Category: Daily Links

  • Tuesday (only?!) Afternoon Links

    My youngest has been coughing the last couple of nights like a seal barking. Now, rationally, I know there’s nothing dangerous about it — there’s no fluid or labored breathing — still I was up several times to check on him, give him cough medicine, and just generally lay awake in state of helpless alert. Stupid monkey brain.

    “This Syria withdrawal is almost as haphazard as our Iraq exit” — paraphrase of the money quote.

    PG&E: Hey, you wanted us to be responsible for fires — suck it!

    So yesterday, I posited that the $730B in “propsed gains” from “taxing the rich” wouldn’t even cover the deficit. But Holee Fuch.

    Man, intersectionality is a bitch.

    Space is BIIIG.

  • Tuesday Morning Links

    I guess actions have consequences. And sometimes it takes a couple years for those consequences to be fully realized.  But I doubt Baker Mayfield understands that. Dude needs to get his head out of his ass or he’s gonna be Johnny Football 2.0. And I don’t really have a dog in this fight. But he really needs to sharpen shit up, and so does the rest of his team.
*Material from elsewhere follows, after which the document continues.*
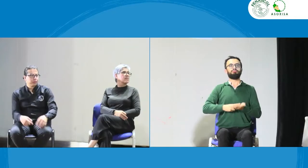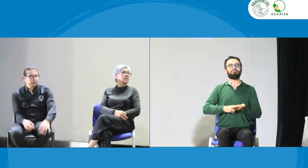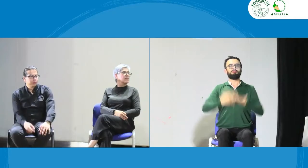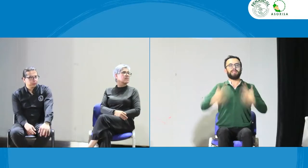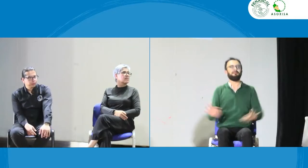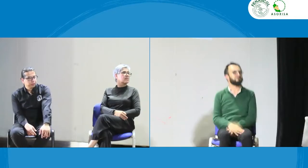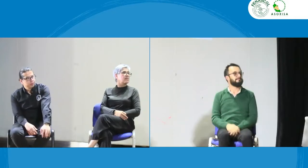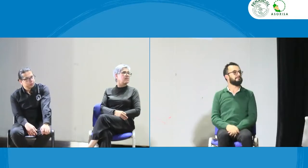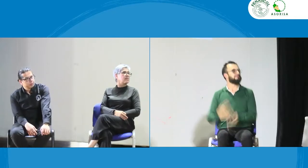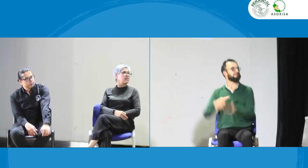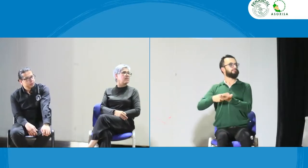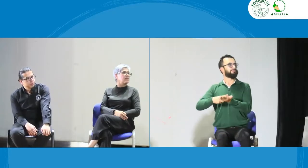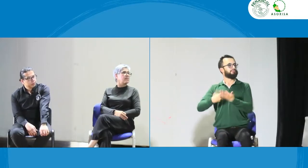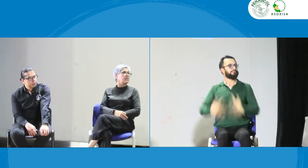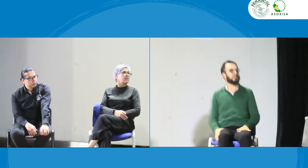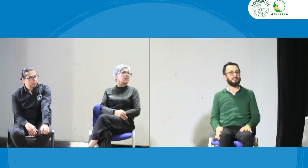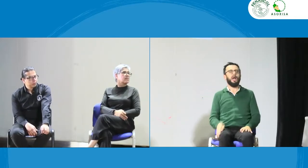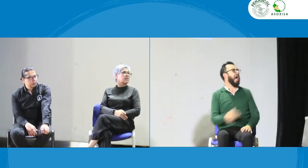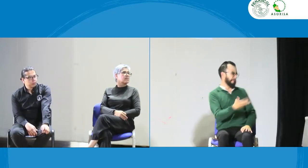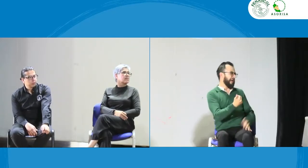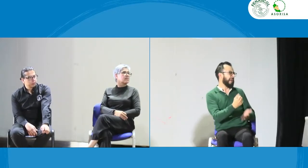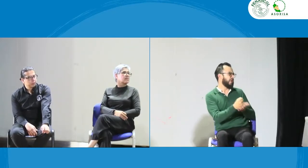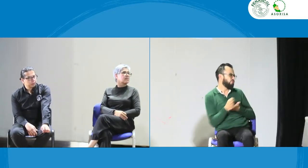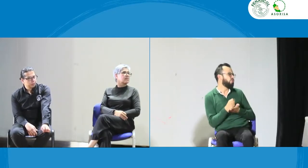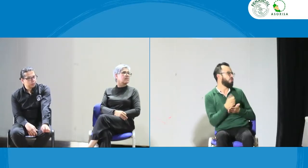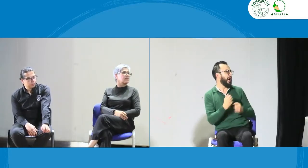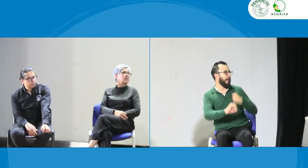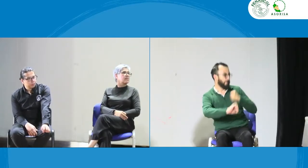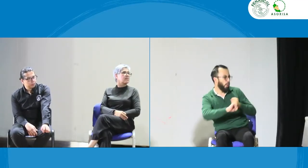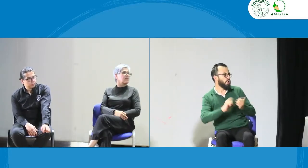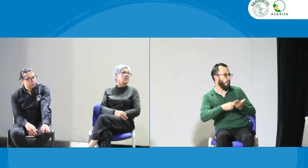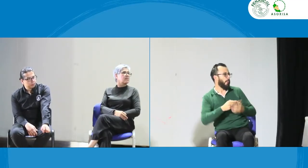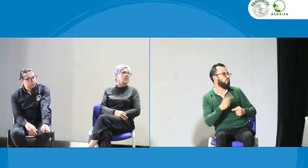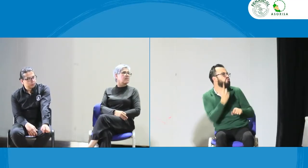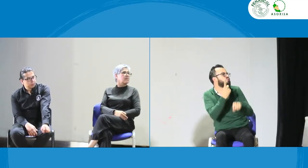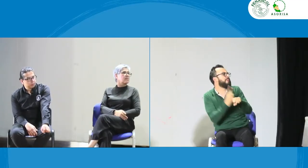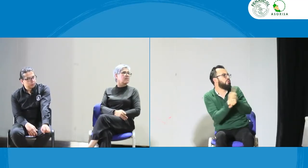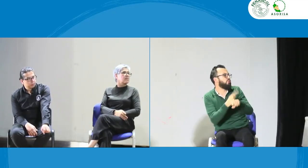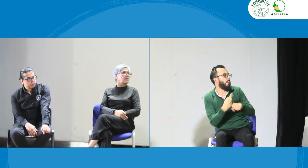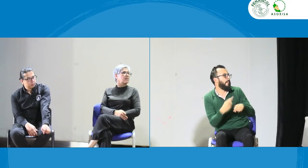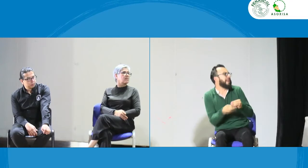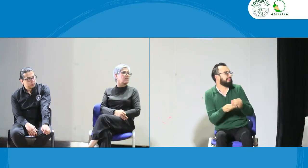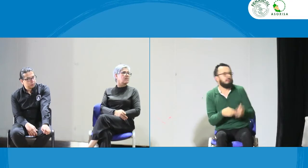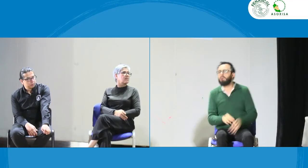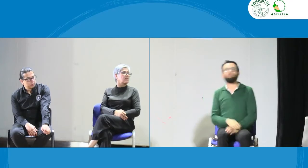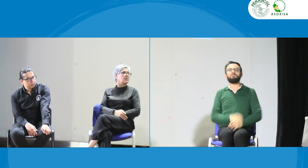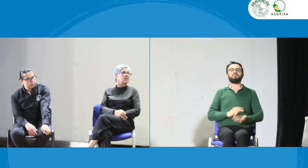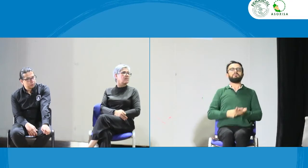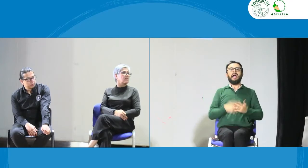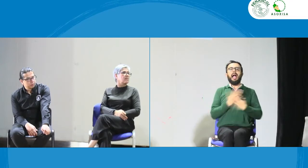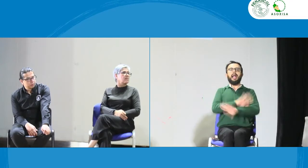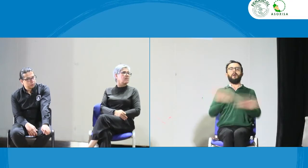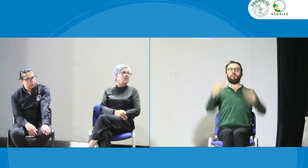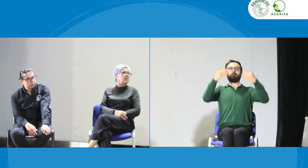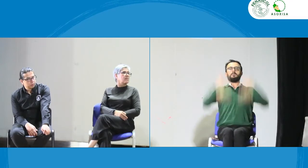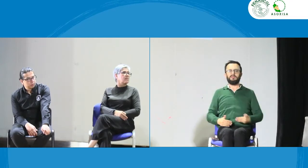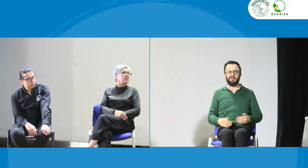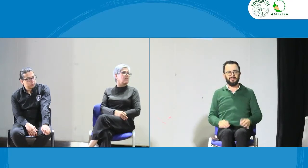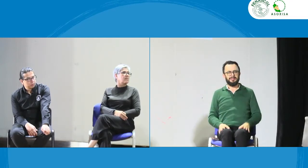Como que el intérprete que hace su servicio por minutos termina y ya. Y quizás la persona le dice necesito que me apoyes un minuto

    Its winner-take-all now!

    Meanwhile, the Yankees swept their way into the ALCS. Hopefully the Astros will join them today, after getting shelled by the Rays yesterday to extend the series.  Meanwhile, both NLDS’s will go to a win-or-go-home game 5 tomorrow. That will be a lot more fun to watch if the Astros take care of business today. Meanwhile, the Blue Jackets topped the Sabres in OT and the Blues made Toronto sad in the Scotiabank Center.

    Apparently this was based on a book.

    My mom turns 70 today. Love you, mom!  She shares it with: “Ace of aces” Eddie Rickenbacker, leftist strongman Juan Peron, the guy who wrote the book they based the “Dune” movie on Frank Herbert, legendary Aussie actor Paul Hogan, race-baiter Jesse Jackson, comedic genius Chevy Chase, punk legend Johnny Ramone, dwarf-person Dennis Kucinich, the lovely Sigourney Weaver, Awesome Bill From Dawsonville, other punk rock legend C.J. Ramone, MATT DAMON, and Bella Thorne.

    That was a decent list. Mostly because it was headlined by my mom.  Love you, mom! Now on to…the links!

    An artist’s depiction of the incident.

    I guess all of those warnings about people causing problems at the Joker movie were right after all. I hope those people affected will be ok.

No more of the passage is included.